Like everyone else, they are susceptible to faults and imperfections. Care too much or believe too deeply in the superlatives and almost all of them will ultimately let you down.

And that is how this writer has elected to feel … for the adage has been realized far too many times.

Two of the best point guards in college basketball, however, are shining, contrarian beacons to the notion that this cynic has held for far too long.

The collegiate basketball careers of Kendrick Perry and Aaron Craft are at their ends. Perry, an Ocoee, Fla. native, carried a Youngstown State program for four years before last last week’s gut-wrenching overtime loss at Oakland (Mich.) in the Horizon League tournament.

Craft’s Ohio State Buckeyes will be a longshot to advance deep in the NCAA Tournament after an inconsistent season hurt by transfers and defections for the NBA.

But watching both players will their teams and their programs, and doing it with incredible class on and off the court, will reverberate long after they have left their respective universities.

Players, but more so people, like them are what make rooting for athletes truly fun once in a while.

Perry and Craft are both invaluable to their teams, but in completely different ways.

Perry has an all-around offensive arsenal that should, according to a colleague, find him a spot on an NBA team. This season he averaged 21.3 points per game, 4.4 assists, 2.4 steals in over 36 minutes on his way to all-conference honors in national obscurity. He is near the top of almost every statistical category in the YSU record book.

It is a wonder how YSU coach Jerry Slocum plucked him out of Florida before major college programs recruited him toward brighter lights and the bigger stage before he became a once-in-a-generation talent at YSU.

Craft, a Findlay legend who nearly beat Ursuline in the 2008 Division IV state football final, is possibly too famous; a player whose publicity exceeds his abilities, but never his all-out effort. He is the most polarizing player in college basketball for those reasons. His offensive game, limited by a mediocre jump shot, is at its best when he can assist reliable scorers (he set the Ohio State record) or drive to the basket on broken plays.

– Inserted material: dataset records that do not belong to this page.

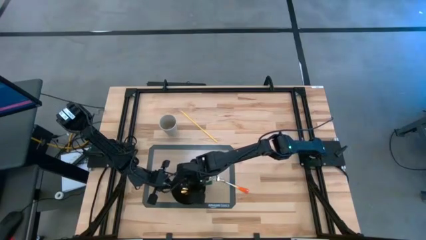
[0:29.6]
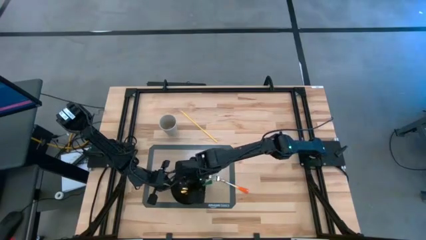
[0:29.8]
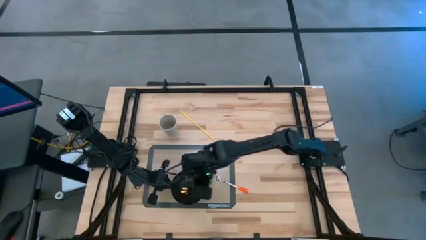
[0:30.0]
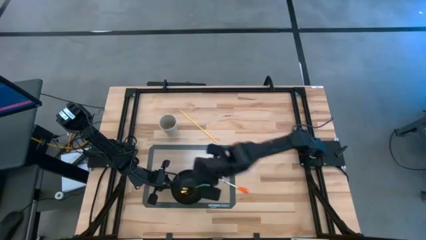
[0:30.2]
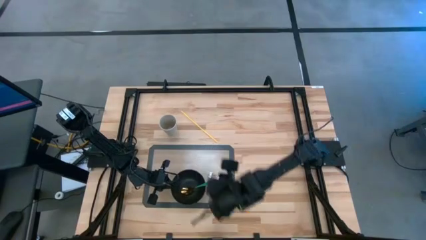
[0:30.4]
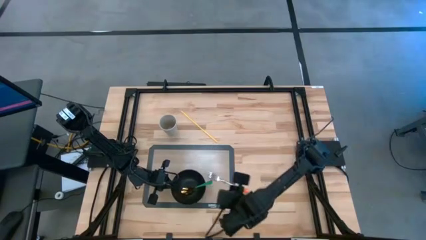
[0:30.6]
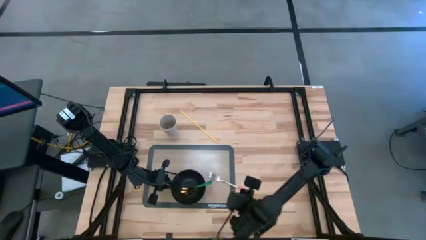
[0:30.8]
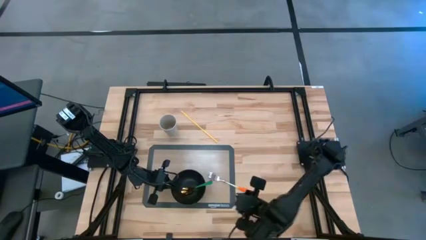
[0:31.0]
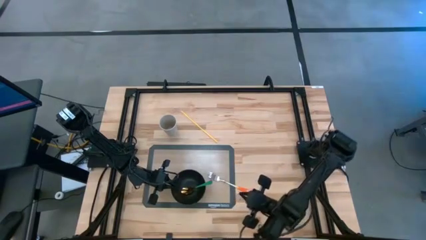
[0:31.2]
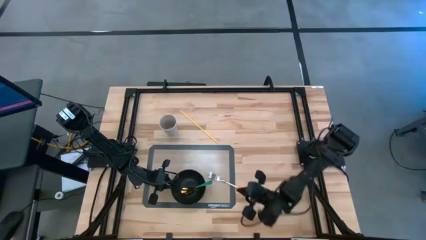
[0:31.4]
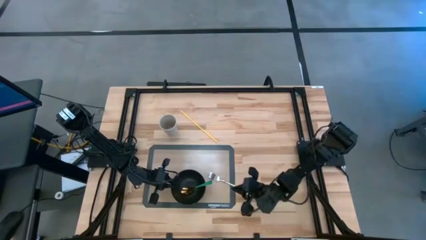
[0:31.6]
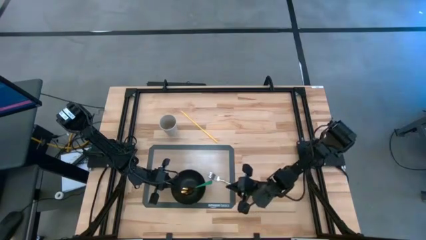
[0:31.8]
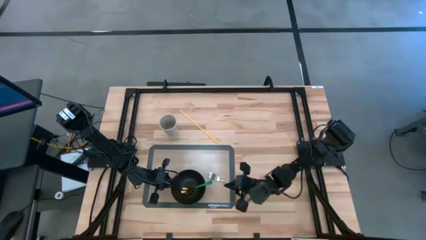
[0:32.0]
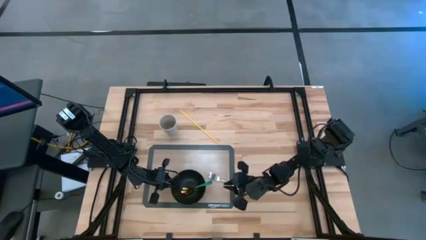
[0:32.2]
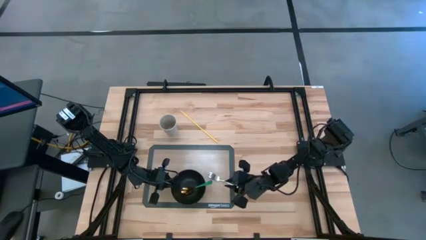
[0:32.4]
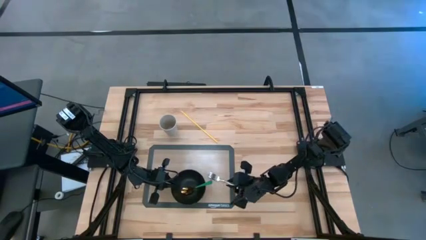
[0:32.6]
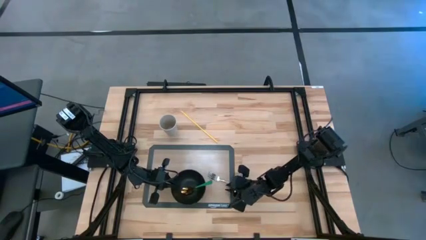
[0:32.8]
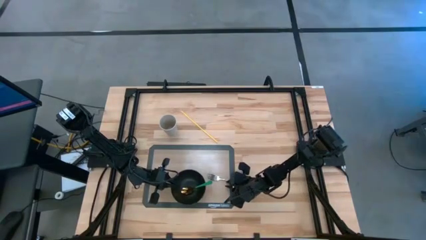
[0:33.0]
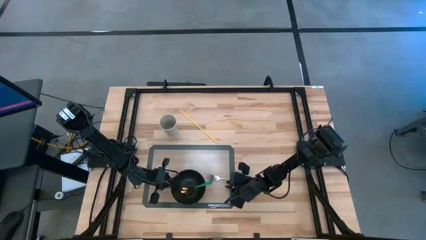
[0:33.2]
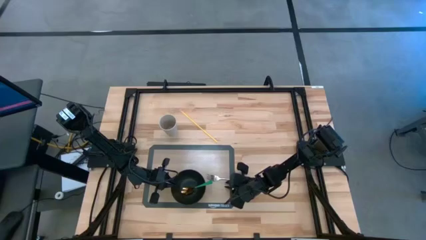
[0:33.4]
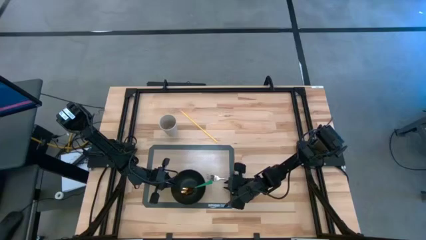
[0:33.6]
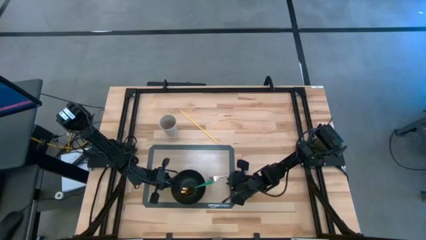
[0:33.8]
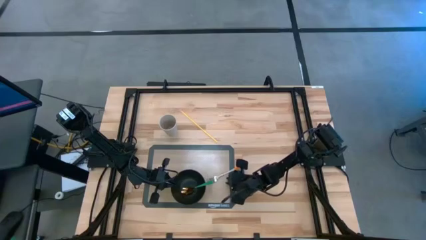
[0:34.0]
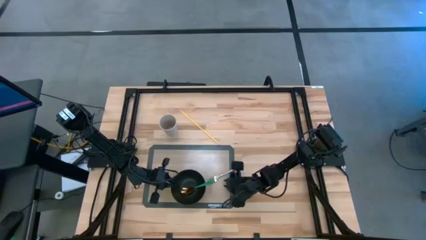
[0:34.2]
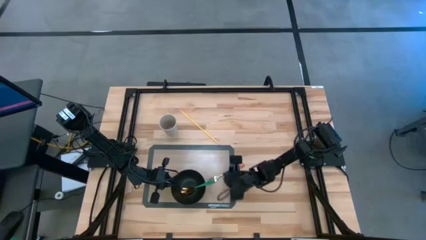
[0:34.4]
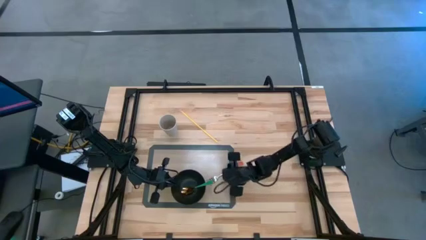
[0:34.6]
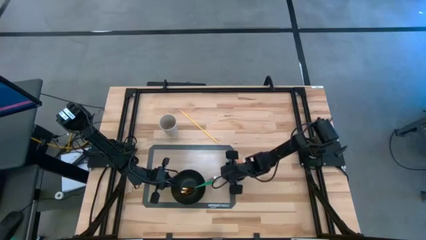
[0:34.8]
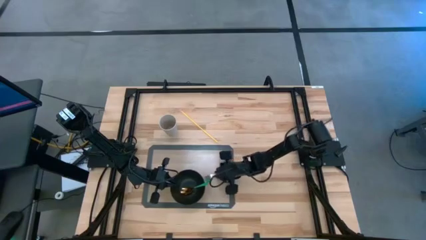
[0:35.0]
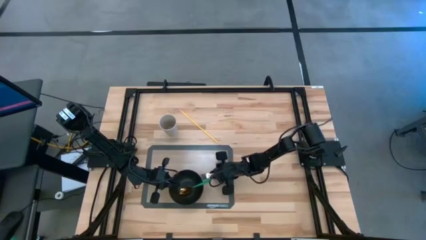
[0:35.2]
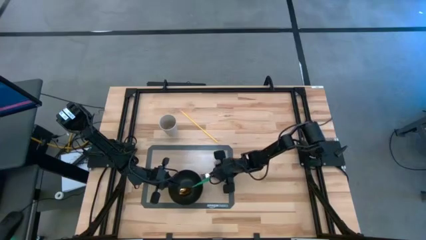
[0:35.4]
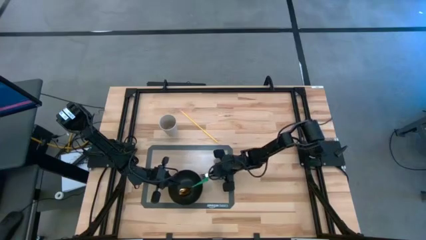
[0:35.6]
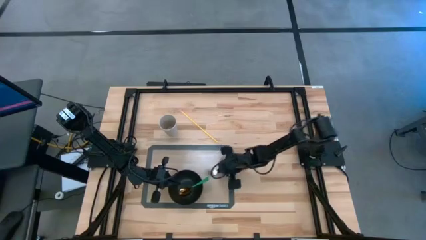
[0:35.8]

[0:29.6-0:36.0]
Task: Pick & Place Utensil
Put the orange fork into the black bowl on the mat

But there’s probably not a better defender in college basketball. Craft is simply the best on-ball defender in the country. He takes over games with relentless defense and his physicality set the Big Ten record for steals while infuriating opposing fans.

He has been the rosy-cheeked face of one of the most consistent basketball programs of the past decade.

Two very different players, but two people whose impacts are much greater than their basketball accomplishments will show.

Perry will make a career of basketball if he so chooses. Slocum and every other basketball mind who has watched him play could only gush about what an ambassador he has been for YSU, the program and a university that has needed a smiling face. Unbeknownst to many, he has been named to the Horizon League and YSU honor roll six times and has earned Academic All-Horizon League status this season.

Small crowds, rough winters, losses and injuries never once slowed him down.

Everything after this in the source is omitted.